§ TASK TO CARRY OUT
Search the records for the word "Frame". Copy every line where it appears.

::: EXERCISE INPUT :::

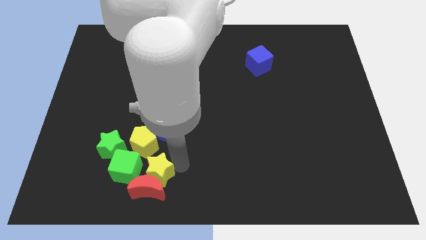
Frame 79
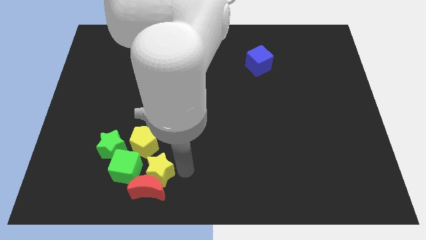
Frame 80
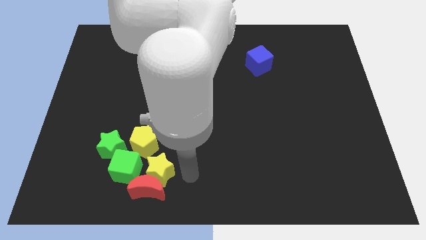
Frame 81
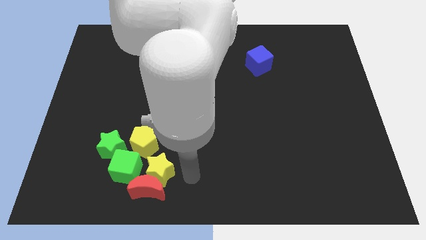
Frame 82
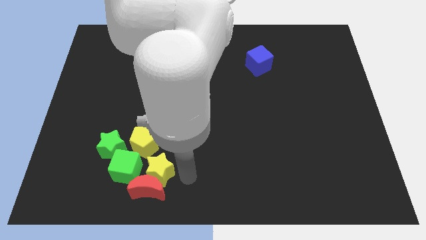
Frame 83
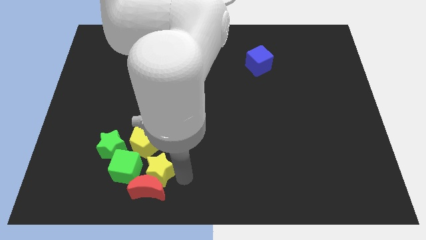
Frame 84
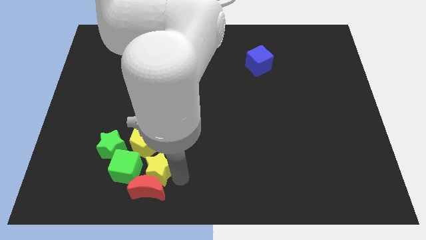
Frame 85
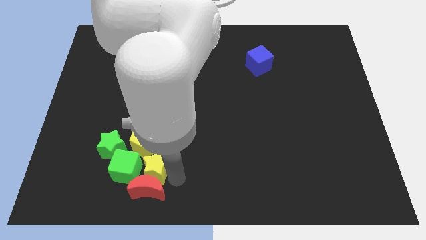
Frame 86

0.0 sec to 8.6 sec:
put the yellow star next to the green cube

:::

§ TASK RESPONSE
Frame 79
Frame 80
Frame 81
Frame 82
Frame 83
Frame 84
Frame 85
Frame 86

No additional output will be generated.